Your wife made a decision most people miss because they are so used to skipping to yes. And wouldn't it suck if your IT department wiped your entire personal device including those vacation pictures of your recently deceased grandma. This happens way more often then you know.

This total control decision is why a container approach (give power to wipe what is the container only) to enabling corporate data is one I favor.

link
ams6110 4217 days ago
You're as likely if not more so to lose those vacation pictures when your phone falls into the toilet and shorts out. If it's important, back it up.
link
jacalata 4217 days ago
There are plenty of other apps available already - TouchDown [0] and Nine [1] are the two I've heard the most positive reviews about (I don't know anyone who uses Accompli).

[0]: http://www.techrepublic.com/blog/smartphones/review-touchdow... [1]: http://www.androidpolice.com/2014/02/12/hands-on-nine-is-a-c...]

link
sandymcm 4217 days ago
If your company has a BYOD policy, it should include the FYI that IT might wipe your device if you quit or get fired.

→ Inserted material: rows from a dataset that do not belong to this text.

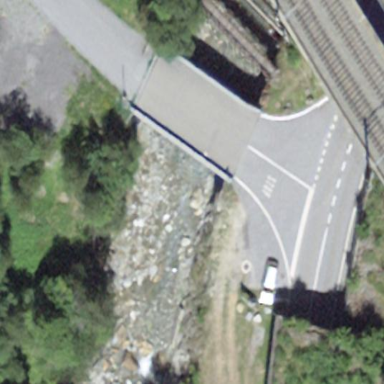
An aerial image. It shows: Man-made bridge.
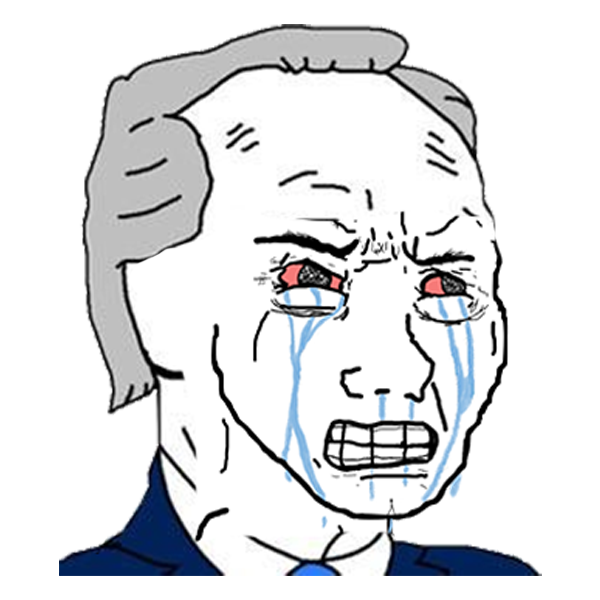
Label: 5_Crying_Wojak
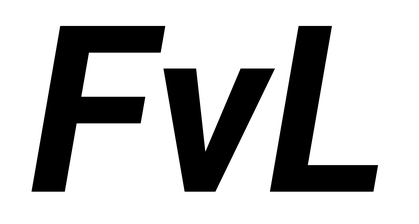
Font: Roboto-Italic_Bold_Italic
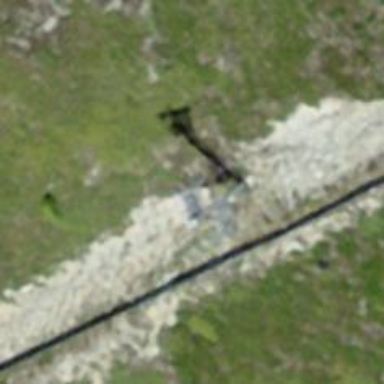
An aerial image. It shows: Pylon used for aerialway.
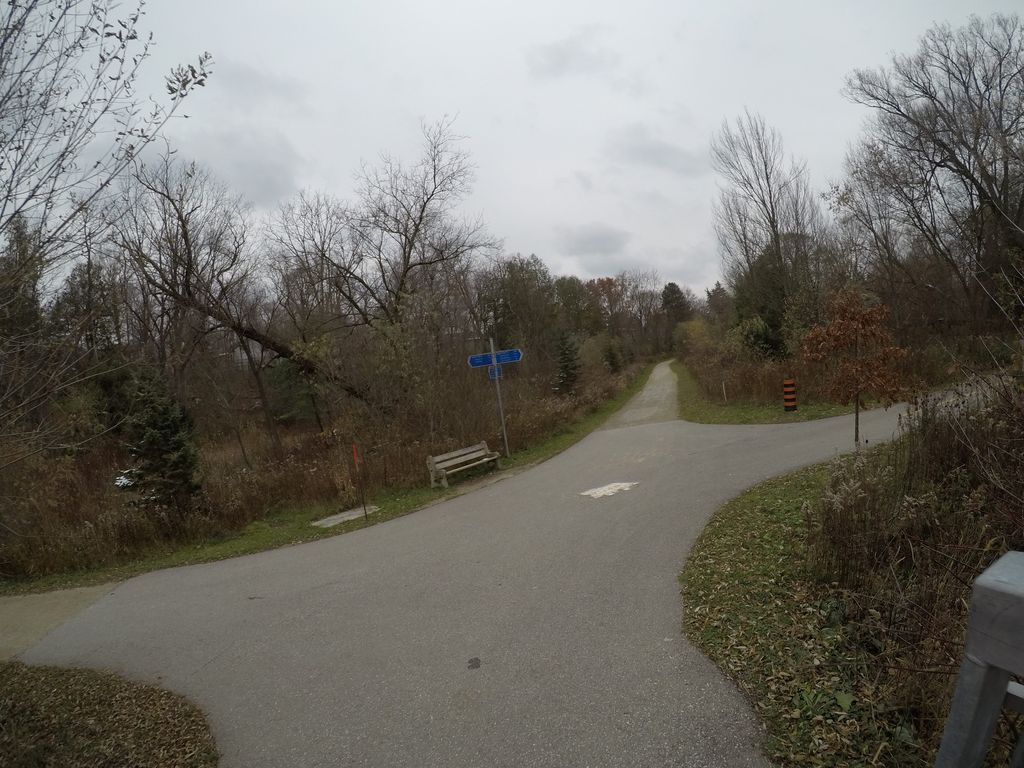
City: kitchener-waterloo

That's the bad news. The good news is this feature of Exchange also gives you the ability to remote wipe your personal device from Outlook Web Access (i.e. Exchange webmail) if it gets lost or stolen.

link
y0ghur7_xxx 4217 days ago
That's why I use davmail¹ -> owa to access my corporate mail over imap instead of exchange directly.

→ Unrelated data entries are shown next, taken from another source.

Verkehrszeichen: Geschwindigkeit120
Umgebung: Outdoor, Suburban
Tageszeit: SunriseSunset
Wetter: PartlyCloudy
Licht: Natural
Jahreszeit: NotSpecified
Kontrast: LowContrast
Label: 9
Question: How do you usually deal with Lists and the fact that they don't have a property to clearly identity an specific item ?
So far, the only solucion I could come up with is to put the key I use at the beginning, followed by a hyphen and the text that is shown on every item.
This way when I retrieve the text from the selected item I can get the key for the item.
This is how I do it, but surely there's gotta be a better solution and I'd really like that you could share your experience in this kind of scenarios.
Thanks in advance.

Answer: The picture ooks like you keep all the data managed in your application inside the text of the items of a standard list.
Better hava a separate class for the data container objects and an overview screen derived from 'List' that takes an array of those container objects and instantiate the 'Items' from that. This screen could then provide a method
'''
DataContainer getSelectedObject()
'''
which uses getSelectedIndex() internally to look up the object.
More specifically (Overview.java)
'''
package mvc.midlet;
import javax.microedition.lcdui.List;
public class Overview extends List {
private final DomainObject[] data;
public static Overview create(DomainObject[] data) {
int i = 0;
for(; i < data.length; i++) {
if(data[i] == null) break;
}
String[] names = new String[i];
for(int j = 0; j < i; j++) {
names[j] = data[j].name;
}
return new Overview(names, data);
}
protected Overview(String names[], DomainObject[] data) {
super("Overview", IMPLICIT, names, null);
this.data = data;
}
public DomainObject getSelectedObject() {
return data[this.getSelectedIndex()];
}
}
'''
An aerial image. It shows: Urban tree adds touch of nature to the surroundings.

¹http://davmail.sourceforge.net/

link
grinich 4216 days ago
Just to be a bit more clear-- the difference here is with device provisioning using Mobile Device Management (MDM) services, not necessarily the default OS apps.

The user enrollment process doesn't necessarily require giving permissions beyond mail/contacts/calendar access. But many organizations take advantage of the opportunity to use pre-baked profiles which restrict behaviors, auto-configure VPN with client certs, activate features like remote wipe, etc.

We dealt with a lot of this when building the ActiveSync module for the Inbox[1] sync engine, which works with all Exchange servers and offers a modern REST API. (ie: like Twilio/Stripe for email)

https://www.inboxapp.com/

[1] Google stole our name last month. :(

link
Osmium 4217 days ago
> Most people don't realize that by using the default iOS and Android mail clients to connect to an Exchange server, they're implicitly giving it the ability to remotely wipe their entire mobile device.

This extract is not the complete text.